» What you should do: Retype every line from the start of the data down to and including the line with "53.493C-0.206 54.317 -0.206". Skip the pictures.
== Task inputs
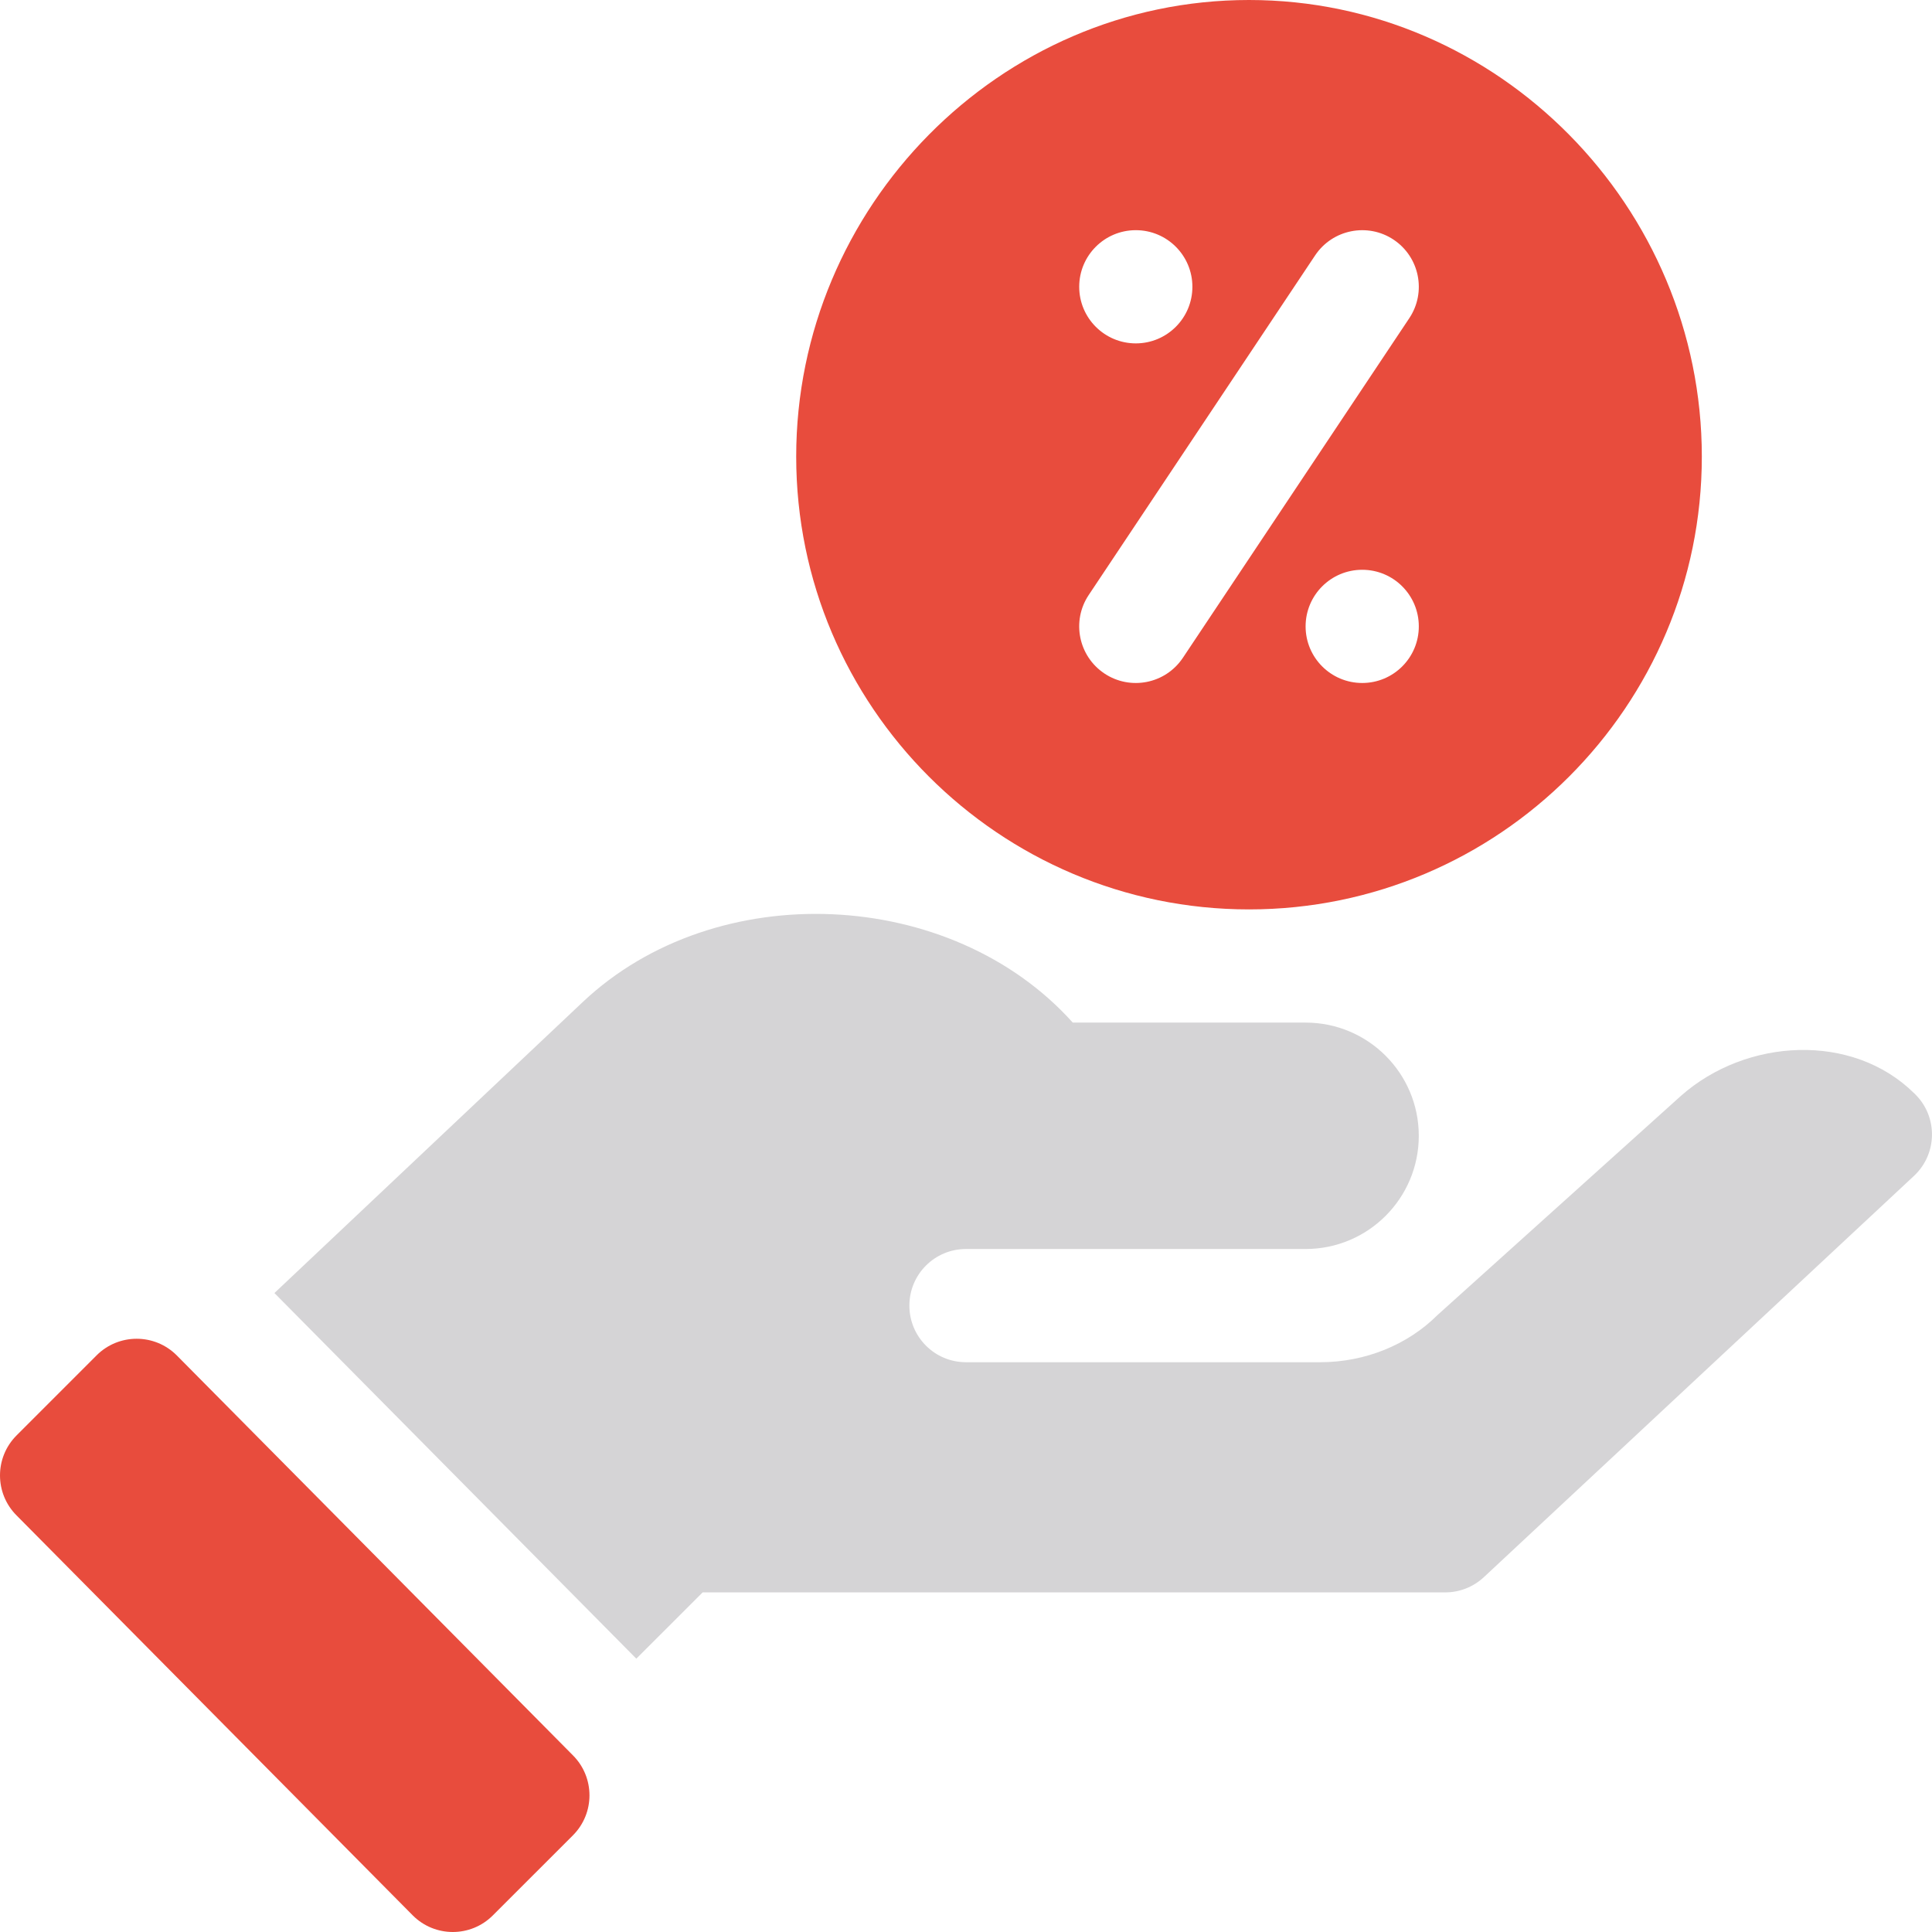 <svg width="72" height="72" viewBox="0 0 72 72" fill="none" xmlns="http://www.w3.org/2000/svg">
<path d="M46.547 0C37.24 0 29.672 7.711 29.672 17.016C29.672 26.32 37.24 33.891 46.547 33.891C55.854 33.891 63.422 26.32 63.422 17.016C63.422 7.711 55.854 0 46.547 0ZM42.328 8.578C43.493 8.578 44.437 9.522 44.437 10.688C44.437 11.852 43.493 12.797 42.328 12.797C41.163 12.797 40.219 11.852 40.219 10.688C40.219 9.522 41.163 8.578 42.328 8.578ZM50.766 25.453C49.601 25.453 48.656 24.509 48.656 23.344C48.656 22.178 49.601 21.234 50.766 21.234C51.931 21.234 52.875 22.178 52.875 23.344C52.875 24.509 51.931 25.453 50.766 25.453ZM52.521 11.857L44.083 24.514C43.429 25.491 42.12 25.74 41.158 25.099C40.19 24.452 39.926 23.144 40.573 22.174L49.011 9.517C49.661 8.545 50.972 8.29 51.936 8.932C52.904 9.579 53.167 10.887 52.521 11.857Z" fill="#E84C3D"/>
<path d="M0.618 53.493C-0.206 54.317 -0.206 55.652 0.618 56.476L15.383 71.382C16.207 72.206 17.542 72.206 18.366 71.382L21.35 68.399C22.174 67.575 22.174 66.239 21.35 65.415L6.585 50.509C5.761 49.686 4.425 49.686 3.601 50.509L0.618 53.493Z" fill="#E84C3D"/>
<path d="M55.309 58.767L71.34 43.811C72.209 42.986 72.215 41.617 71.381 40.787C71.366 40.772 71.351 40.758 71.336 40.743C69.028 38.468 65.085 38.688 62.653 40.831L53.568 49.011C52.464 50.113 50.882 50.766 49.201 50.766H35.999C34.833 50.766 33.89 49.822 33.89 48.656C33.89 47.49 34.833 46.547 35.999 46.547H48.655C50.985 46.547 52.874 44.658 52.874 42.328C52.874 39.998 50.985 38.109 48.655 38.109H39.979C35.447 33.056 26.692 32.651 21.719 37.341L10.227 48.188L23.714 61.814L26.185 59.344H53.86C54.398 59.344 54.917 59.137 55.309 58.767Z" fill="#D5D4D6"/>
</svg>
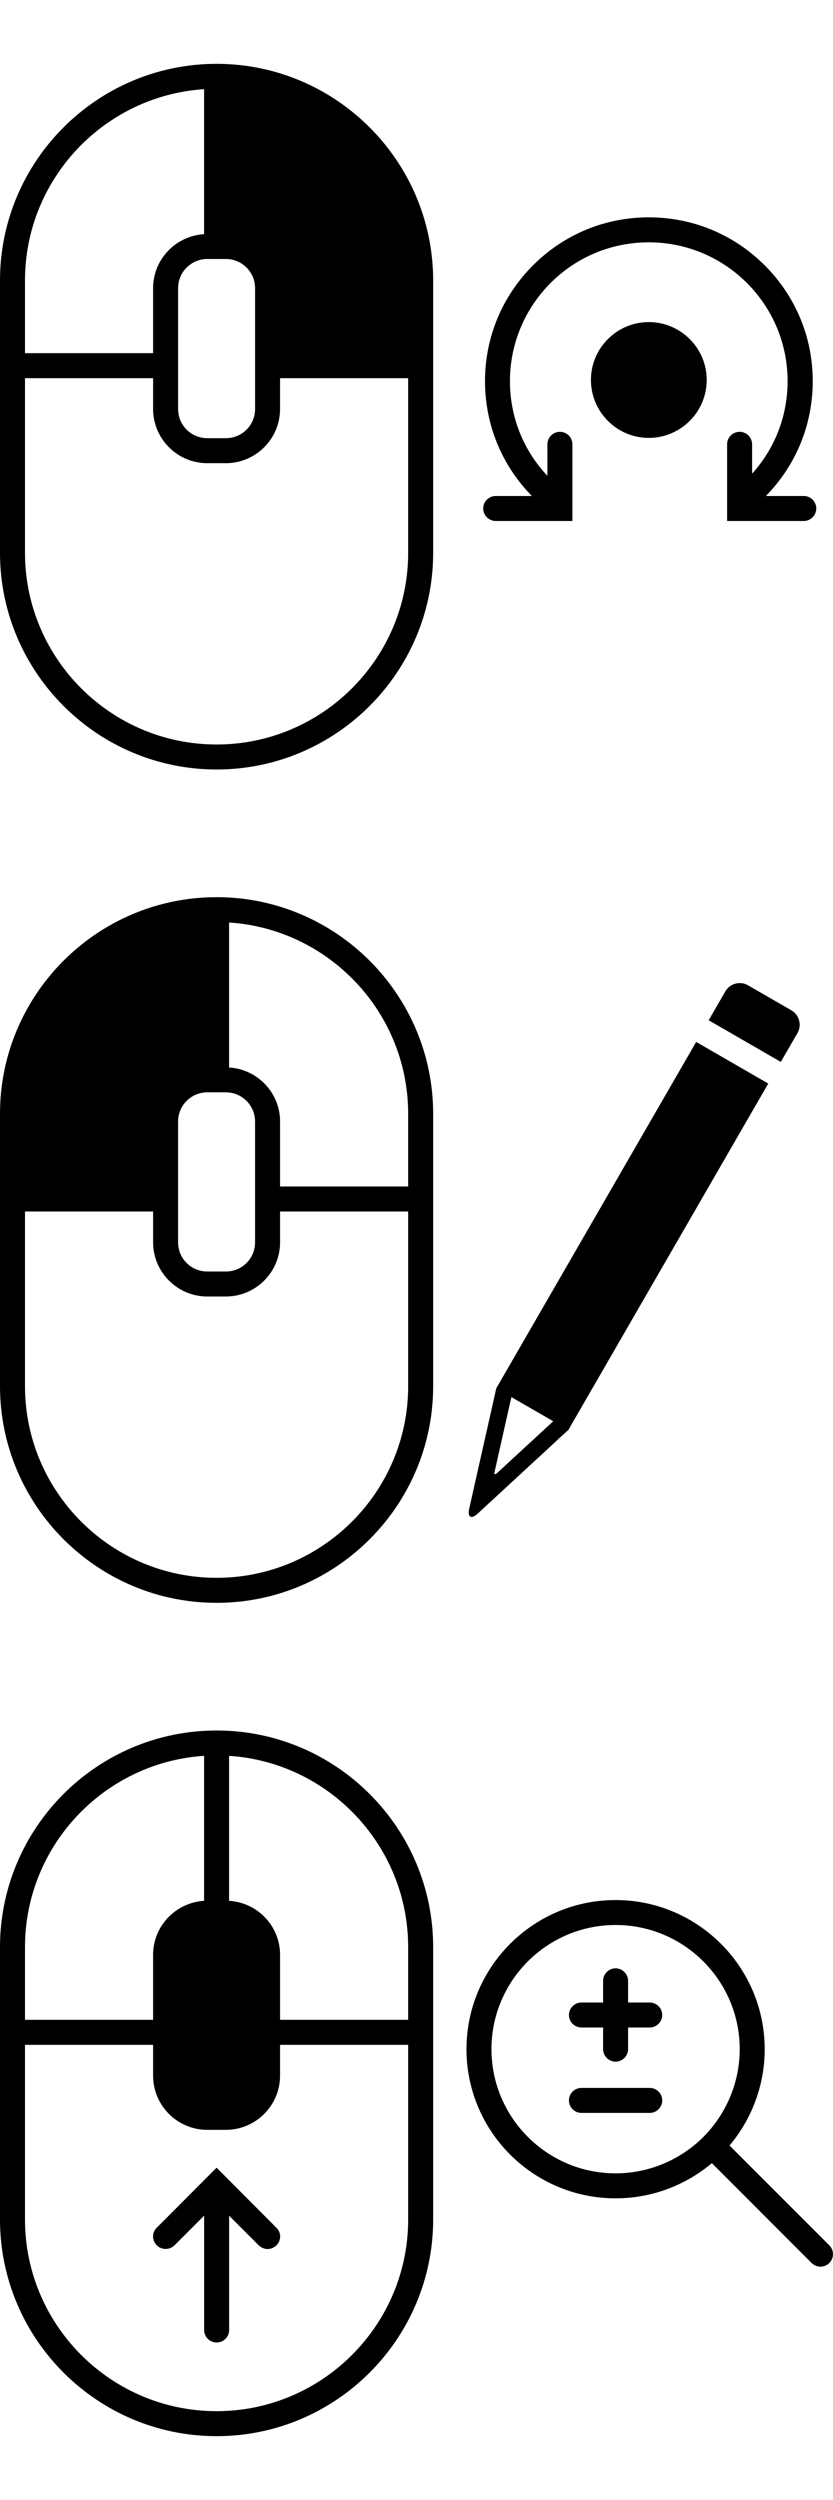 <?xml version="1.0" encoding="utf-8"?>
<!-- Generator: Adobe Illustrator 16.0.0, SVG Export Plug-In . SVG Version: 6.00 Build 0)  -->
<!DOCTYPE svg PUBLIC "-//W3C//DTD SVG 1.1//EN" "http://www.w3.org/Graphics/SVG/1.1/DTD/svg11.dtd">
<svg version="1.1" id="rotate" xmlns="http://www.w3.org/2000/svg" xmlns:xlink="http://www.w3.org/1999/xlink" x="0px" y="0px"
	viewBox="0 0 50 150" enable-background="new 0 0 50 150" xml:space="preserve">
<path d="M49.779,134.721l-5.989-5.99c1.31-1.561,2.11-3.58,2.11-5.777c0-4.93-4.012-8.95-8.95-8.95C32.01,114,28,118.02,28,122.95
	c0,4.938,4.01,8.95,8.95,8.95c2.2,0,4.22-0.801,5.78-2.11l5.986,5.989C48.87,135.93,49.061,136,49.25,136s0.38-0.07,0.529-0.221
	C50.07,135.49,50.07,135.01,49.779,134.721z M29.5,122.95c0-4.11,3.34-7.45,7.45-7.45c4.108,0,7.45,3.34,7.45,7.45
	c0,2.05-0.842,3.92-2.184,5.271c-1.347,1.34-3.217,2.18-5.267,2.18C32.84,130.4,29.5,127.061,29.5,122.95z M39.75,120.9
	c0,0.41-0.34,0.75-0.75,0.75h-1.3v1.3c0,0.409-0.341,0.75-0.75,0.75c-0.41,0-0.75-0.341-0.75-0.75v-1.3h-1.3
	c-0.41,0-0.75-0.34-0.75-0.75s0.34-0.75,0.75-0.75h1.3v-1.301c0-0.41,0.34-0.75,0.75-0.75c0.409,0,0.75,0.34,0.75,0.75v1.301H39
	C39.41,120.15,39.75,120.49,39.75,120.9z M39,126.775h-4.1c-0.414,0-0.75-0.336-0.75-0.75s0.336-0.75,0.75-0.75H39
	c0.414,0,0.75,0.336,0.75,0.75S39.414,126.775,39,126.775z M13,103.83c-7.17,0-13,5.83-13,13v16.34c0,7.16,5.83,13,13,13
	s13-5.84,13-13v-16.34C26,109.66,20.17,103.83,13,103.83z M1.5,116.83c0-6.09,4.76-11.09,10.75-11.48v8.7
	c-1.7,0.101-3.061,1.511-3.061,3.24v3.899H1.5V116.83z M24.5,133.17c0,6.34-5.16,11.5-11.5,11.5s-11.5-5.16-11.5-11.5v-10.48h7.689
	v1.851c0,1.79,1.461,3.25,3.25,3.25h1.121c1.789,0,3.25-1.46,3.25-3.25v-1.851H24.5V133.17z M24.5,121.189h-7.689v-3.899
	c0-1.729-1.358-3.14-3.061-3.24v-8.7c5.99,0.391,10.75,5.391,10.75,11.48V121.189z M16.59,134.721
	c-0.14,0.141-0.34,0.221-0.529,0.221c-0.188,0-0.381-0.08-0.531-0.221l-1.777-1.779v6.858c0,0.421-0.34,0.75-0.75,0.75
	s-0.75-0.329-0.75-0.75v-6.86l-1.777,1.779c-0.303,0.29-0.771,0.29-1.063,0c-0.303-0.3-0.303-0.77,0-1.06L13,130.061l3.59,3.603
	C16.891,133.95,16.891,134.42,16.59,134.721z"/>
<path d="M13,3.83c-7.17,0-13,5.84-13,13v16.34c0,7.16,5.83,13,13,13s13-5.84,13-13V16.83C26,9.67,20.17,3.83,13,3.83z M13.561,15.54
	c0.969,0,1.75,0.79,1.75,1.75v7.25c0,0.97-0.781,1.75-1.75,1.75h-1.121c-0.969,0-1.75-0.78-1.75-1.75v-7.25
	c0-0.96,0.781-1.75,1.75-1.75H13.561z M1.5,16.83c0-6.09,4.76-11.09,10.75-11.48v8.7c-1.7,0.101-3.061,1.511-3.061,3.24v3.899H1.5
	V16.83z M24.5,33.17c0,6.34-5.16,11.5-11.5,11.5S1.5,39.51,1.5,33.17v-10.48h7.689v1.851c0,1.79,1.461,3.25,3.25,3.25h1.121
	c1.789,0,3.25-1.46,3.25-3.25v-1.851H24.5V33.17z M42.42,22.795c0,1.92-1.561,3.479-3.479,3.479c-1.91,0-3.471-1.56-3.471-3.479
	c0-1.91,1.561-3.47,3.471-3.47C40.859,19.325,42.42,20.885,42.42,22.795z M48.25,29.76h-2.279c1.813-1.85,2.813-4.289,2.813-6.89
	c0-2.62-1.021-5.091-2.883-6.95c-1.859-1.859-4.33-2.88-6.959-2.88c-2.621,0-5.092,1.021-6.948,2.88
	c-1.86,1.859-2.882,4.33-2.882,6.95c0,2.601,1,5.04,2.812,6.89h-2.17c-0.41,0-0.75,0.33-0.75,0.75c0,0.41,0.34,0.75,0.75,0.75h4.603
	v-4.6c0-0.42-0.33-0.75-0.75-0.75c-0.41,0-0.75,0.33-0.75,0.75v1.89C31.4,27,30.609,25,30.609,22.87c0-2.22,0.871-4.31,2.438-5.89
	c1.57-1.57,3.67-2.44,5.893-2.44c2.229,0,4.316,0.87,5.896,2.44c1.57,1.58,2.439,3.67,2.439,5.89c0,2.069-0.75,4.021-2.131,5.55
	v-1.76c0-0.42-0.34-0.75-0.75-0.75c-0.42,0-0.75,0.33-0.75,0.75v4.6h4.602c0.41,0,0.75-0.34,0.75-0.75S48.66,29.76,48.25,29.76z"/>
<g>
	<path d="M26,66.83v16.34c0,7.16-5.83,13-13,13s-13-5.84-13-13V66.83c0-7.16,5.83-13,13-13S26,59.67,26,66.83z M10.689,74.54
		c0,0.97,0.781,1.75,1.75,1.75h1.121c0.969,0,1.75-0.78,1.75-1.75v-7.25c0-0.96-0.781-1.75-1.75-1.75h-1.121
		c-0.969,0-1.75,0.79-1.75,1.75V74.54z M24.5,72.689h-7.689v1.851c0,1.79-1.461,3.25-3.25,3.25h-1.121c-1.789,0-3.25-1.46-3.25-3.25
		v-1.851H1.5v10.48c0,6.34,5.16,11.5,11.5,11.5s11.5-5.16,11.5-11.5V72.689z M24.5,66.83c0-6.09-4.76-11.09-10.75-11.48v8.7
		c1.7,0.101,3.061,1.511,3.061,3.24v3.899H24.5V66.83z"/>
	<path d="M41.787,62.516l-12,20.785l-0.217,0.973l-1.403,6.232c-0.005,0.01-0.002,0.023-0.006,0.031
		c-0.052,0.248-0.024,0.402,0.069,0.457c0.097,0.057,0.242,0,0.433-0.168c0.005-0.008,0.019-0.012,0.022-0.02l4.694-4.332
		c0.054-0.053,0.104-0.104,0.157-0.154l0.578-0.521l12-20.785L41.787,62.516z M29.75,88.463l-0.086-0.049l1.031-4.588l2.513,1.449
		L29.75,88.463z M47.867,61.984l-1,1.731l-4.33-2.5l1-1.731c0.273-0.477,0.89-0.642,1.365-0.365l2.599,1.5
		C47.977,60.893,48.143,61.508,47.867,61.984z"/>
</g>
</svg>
====
» Your solution:
 <svg width="72" height="72" viewBox="0 0 72 72" fill="none" xmlns="http://www.w3.org/2000/svg">
<path d="M46.547 0C37.24 0 29.672 7.711 29.672 17.016C29.672 26.32 37.24 33.891 46.547 33.891C55.854 33.891 63.422 26.32 63.422 17.016C63.422 7.711 55.854 0 46.547 0ZM42.328 8.578C43.493 8.578 44.437 9.522 44.437 10.688C44.437 11.852 43.493 12.797 42.328 12.797C41.163 12.797 40.219 11.852 40.219 10.688C40.219 9.522 41.163 8.578 42.328 8.578ZM50.766 25.453C49.601 25.453 48.656 24.509 48.656 23.344C48.656 22.178 49.601 21.234 50.766 21.234C51.931 21.234 52.875 22.178 52.875 23.344C52.875 24.509 51.931 25.453 50.766 25.453ZM52.521 11.857L44.083 24.514C43.429 25.491 42.12 25.74 41.158 25.099C40.19 24.452 39.926 23.144 40.573 22.174L49.011 9.517C49.661 8.545 50.972 8.29 51.936 8.932C52.904 9.579 53.167 10.887 52.521 11.857Z" fill="#E84C3D"/>
<path d="M0.618 53.493C-0.206 54.317 -0.206 55.652 0.618 56.476L15.383 71.382C16.207 72.206 17.542 72.206 18.366 71.382L21.35 68.399C22.174 67.575 22.174 66.239 21.35 65.415L6.585 50.509C5.761 49.686 4.425 49.686 3.601 50.509L0.618 53.493Z" fill="#E84C3D"/>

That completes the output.